La définition du corporatisme est une attitude qui vise à défendre exclusivement les intérêts d’une catégorie professionnelle donnée. Cette définition correspond tout à fait à l’opposition exprimée par la Conférence des doyennes et doyens de médecine, le Conseil national de l’Ordre des médecins et l’Association nationale des étudiants en médecine de France, à la réintégration anticipée dans les facultés en France des étudiants français partis faire leurs études à l’étranger. Leur communiqué commun parle d’une mesure « injuste et inéquitable » et est empreinte d’un mépris brutal évoquant des étudiants soit en situation d’échec dans le processus d’accès aux études de médecine, soit voulant se soustraire à ce parcours auquel sont soumis d’autres étudiants.
Mais qu’en est-il vraiment ? Il n’est pas acceptable de traiter de « mauvais » des étudiants confrontés à un numerus clausus imposé depuis des années et qui n’a pas vraiment disparu, avec un taux d’intégration des candidats dans la filière médecine qui est en moyenne de 17 %. La poursuite de ce malthusianisme dans la formation des médecins est une catastrophe pour les patients qui ne trouvent pas de médecin traitant, sont confrontés à des fermetures de services ou d’hôpitaux et à une explosion des dépassements d’honoraires pour avoir accès à un spécialiste.
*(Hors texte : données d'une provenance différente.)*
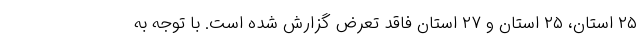
۲۵ استان، ۲۵ استان و ۲۷ استان فاقد تعرض گزارش شده است. با توجه به
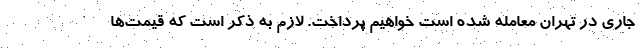
جاری در تهران معامله شده است خواهیم پرداخت. لازم به ذکر است که قیمت‌ها
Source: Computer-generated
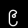
Digit: ၉ (9)
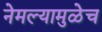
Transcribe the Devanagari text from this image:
नेमल्यामुळेच
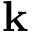
{ \bf k }
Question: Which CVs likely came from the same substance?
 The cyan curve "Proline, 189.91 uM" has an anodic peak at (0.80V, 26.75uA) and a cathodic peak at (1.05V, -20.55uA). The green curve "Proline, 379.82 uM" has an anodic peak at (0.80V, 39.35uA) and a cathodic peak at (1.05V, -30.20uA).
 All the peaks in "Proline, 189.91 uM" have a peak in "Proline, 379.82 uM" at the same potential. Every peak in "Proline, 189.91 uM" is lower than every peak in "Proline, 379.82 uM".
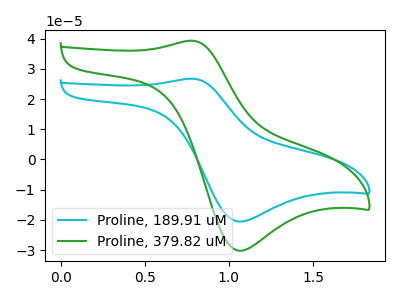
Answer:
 <answer>"Proline, 189.91 uM" and "Proline, 379.82 uM" have the same shape and are likely CV's of the same chemical.</answer>
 <eval>"Proline, 189.91 uM" "Proline, 379.82 uM"</eval>
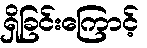
ရှိခြင်းကြောင့်
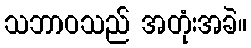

Alors traiter de « mauvais » ceux qui ont une motivation intacte et partent faire leurs études à l’étranger dans des conditions difficiles et très coûteuses est particulièrement insultant. Par ailleurs cela dénote un sentiment de supériorité mal venu qui voudrait faire croire que la formation en France est bien meilleure que dans d’autres pays européens. Ce qui n’est certainement pas le cas face au constat de conditions d’études et d’encadrement qui sont à l’origine d’un nombre de cas de souffrance psychique pouvant mener au suicide qui explose en France chez les étudiants en médecine. Comme le dit la parabole, nous sommes toujours plus sensibles aux défauts d’autrui, si infimes soient-ils, qu’à nos propres défauts, si flagrants soient-ils.
Bien entendu, il est nécessaire d’accueillir le plus rapidement possible dans les facultés françaises les étudiants partis à l’étranger qui le souhaitent. Nous avons besoin d’eux pour qu’ils puissent s’installer en France et soulager les contraintes démographiques qui pèsent négativement sur notre système de santé.
Il va falloir également faire comprendre à la corporation médicale que ses prises de positions récentes, comme celle évoquée dans cette chronique ou encore celle contre la régulation de la liberté d’installation, sont intolérables. Ce d’autant que la motivation est de pouvoir bénéficier de la situation de pénurie et est bassement matérielle car elle repose sur la logique de tout ce qui est rare est cher, ce qui permet de négocier en position de force un certain nombre d’avantages. Mais attention, car ce repli corporatiste entraîne une colère légitime de la population à l’origine d’une véritable perte de confiance dans une profession qui en bénéficiait largement jusqu’à récemment.